→ **TASK MATERIAL**
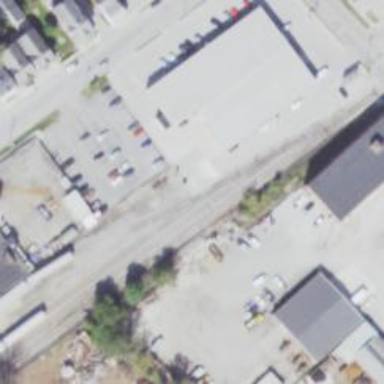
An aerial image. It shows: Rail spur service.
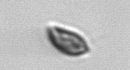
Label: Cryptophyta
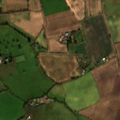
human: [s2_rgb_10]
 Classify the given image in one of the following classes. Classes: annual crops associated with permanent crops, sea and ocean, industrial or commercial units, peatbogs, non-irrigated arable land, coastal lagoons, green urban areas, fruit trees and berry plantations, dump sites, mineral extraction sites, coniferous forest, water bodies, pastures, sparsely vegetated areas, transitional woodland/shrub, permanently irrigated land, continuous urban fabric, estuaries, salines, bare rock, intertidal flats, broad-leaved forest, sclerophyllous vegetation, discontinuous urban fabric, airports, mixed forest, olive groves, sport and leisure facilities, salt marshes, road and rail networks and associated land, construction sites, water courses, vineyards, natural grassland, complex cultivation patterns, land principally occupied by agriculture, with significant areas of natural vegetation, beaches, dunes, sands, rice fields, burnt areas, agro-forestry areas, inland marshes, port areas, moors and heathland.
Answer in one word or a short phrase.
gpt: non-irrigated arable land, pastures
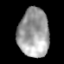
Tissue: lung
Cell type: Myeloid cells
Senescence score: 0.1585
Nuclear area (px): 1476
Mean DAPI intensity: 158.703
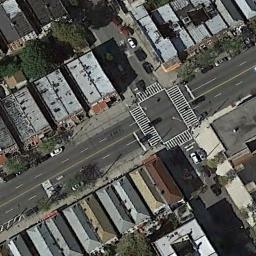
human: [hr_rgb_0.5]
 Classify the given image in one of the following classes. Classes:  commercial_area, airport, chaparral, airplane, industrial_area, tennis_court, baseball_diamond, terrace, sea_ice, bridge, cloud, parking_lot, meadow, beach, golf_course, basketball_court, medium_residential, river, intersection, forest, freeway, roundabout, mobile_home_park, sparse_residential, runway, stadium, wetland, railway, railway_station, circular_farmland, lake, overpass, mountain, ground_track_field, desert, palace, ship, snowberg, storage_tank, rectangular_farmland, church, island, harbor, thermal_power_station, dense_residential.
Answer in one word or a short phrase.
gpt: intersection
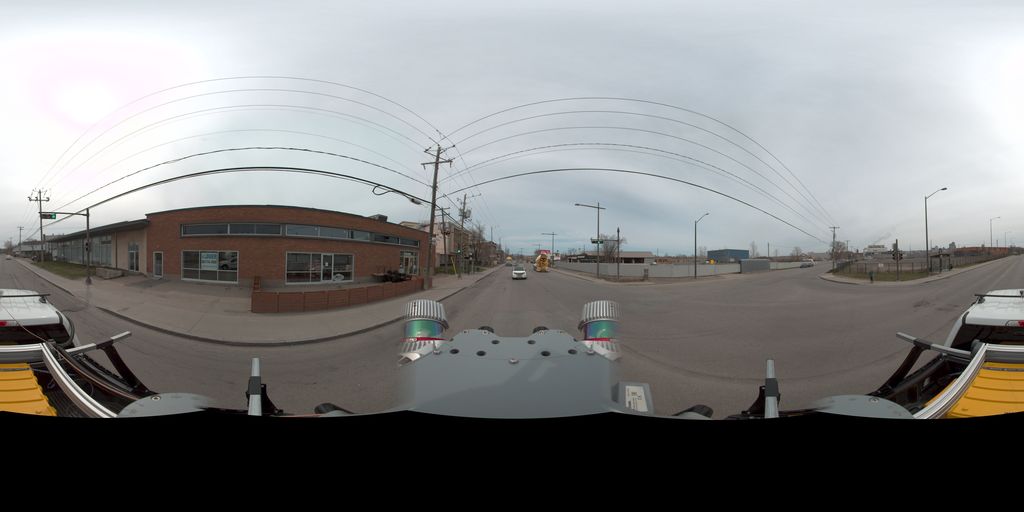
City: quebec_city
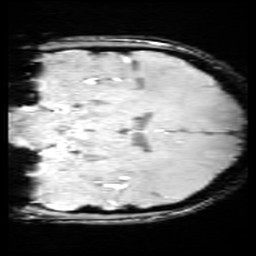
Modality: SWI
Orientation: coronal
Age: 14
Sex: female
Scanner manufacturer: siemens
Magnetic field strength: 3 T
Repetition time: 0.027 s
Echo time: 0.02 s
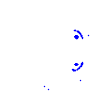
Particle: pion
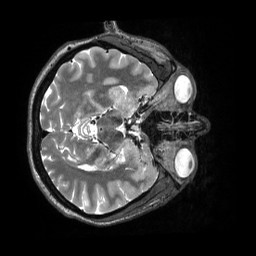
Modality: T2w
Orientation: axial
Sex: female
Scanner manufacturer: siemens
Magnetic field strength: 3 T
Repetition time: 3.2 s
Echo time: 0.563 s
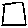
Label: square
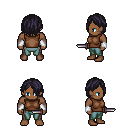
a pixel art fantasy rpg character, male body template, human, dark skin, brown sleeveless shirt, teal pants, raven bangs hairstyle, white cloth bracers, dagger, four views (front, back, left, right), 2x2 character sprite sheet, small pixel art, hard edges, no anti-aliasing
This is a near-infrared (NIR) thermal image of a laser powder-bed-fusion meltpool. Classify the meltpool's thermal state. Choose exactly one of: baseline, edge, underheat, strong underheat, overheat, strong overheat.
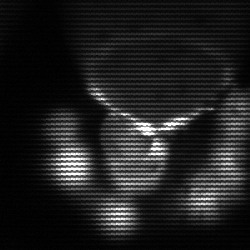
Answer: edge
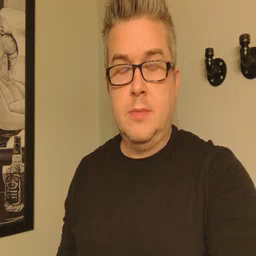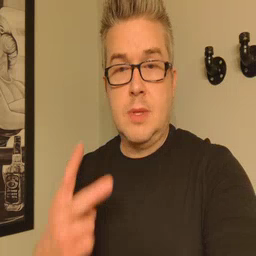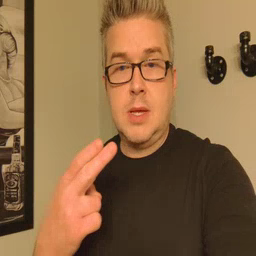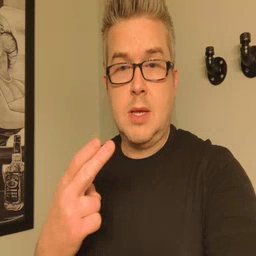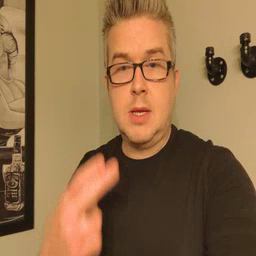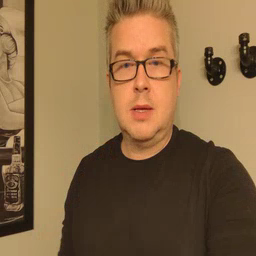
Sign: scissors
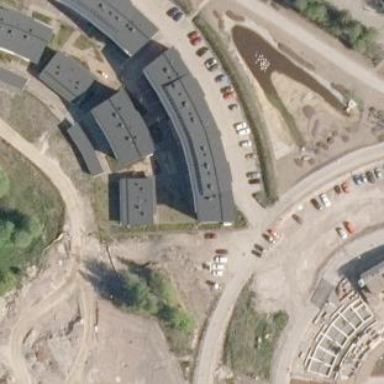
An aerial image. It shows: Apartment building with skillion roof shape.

* * *

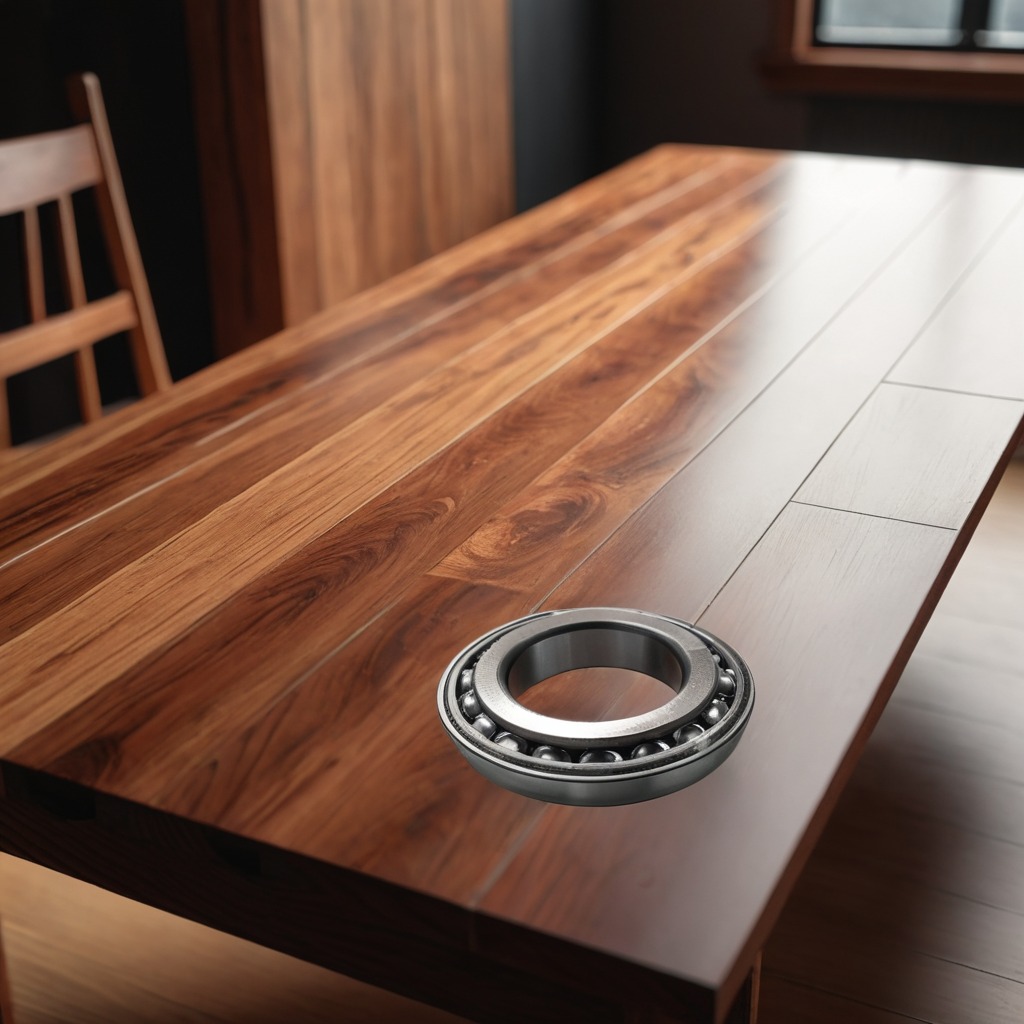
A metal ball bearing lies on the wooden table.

→ **PROBLEM STATEMENT**
Set down word for word the lines above from the one with "This is a near-infrared" up to and including the one with "An aerial image. It shows: Apartment". Omit every picture.

→ **WRITTEN ANSWER**
This is a near-infrared (NIR) thermal image of a laser powder-bed-fusion meltpool. Classify the meltpool's thermal state. Choose exactly one of: baseline, edge, underheat, strong underheat, overheat, strong overheat.
Answer: edge
Sign: scissors
An aerial image. It shows: Apartment building with skillion roof shape.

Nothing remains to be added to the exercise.